The fact that respondent was not considered an employee was recognized by De vera himself in a signed letter #2 to the respondent:

‘To carry out your memo effectively and to provide a systematic and workable time schedule which will serve the best interests of both the present and absent employee, may I propose an extended two-hour service (1:00-3:00 P.M.) during which period I can devote ample time to both groups depending upon the urgency of the situation. I shall readjust my private schedule to be available for the herein proposed extended hours, should you consider this proposal.

The tenor of this letter indicates that the complainant was proposing to extend his time with the respondent and seeking additional compensation for said extension. This shows that the respondent PHILCOM did not have control over the schedule of the complainant as it [is] the complainant who is proposing his own schedule and asking to be paid for the same. This is proof that the complainant understood that his relationship with the respondent PHILCOM was a retained physician and not as an employee. If he were an employee he could not negotiate as to his hours of work.

SC highlighted this portion of LA’s decision:

"xxx After more than ten years of services to PHILCOM, the complainant would have noticed that no SSS deductions were made on his remuneration or that the respondent was deducting the 10% tax for his fees and he surely would have complained about them if he had considered himself an employee of PHILCOM. But he never raised those issues. An ordinary employee would consider the SSS payments important and thus make sure they would be paid. The complainant never bothered to ask the respondent to remit his SSS contributions. This clearly shows that the complainant never considered himself an employee of PHILCOM and thus, respondent need not remit anything to the SSS in favor of the complainant."

Clearly, the elements of an employer-employee relationship are wanting in this case. We may add that the records are replete with evidence showing that respondent had to bill petitioner for his monthly professional fees. It simply runs against the grain of common experience to imagine that an ordinary employee has yet to bill his employer to receive his salary.

Finally, remarkably absent from the parties’ arrangement is the element of control, whereby the employer has reserved the right to control the employee not only as to the result of the work done but also as to the means and methods by which the same is to be accomplished.

Here, PhilCom had no control over the means and methods by which Dr. De Vera went about performing his work at the company premises. He could even embark in the private practice of his profession, not to mention the fact that respondent’s work hours and the additional compensation therefor were negotiated upon by the parties. In fine, the parties themselves practically agreed on every terms and conditions of respondent’s engagement, which thereby negates the element of control in their relationship. For sure, respondent has never cited even a single instance when petitioner interfered with his work.

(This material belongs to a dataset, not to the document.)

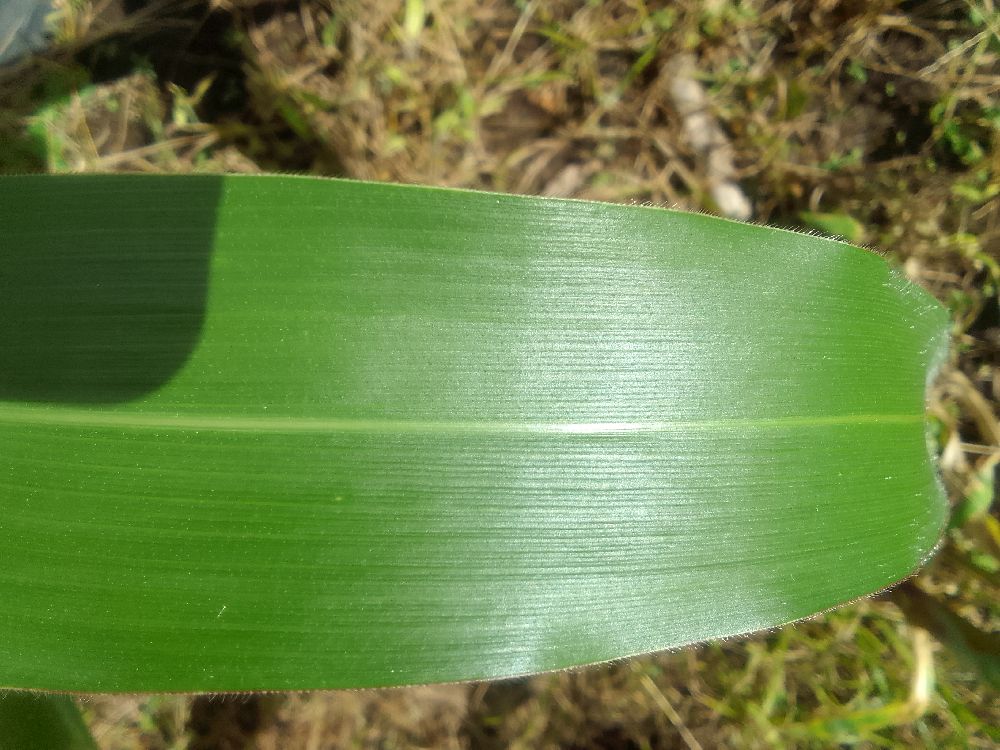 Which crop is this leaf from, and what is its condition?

maize, healthy

Had only respondent read carefully the very statutory provision invoked by him, he would have noticed that in non-hazardous workplaces, the employer may engage the services of a physician "on retained basis." As correctly observed by the petitioner, while it is true that the provision requires employers to engage the services of medical practitioners in certain establishments depending on the number of their employees, nothing is there in the law which says that medical practitioners so engaged be actually hired as employees, adding that the law, as written, only requires the employer "to retain", not employ, a part-time physician who needed to stay in the premises of the non-hazardous workplace for two (2) hours.

Respondent takes no issue on the fact that petitioner’s business of telecommunications is not hazardous in nature. As such, what applies here is the last paragraph of Article 157 which, to stress, provides that the employer may engage the services of a physician and dentist "on retained basis", subject to such regulations as the Secretary of Labor may prescribe. The successive "retainership" agreements of the parties definitely hue to the very statutory provision relied upon by respondent.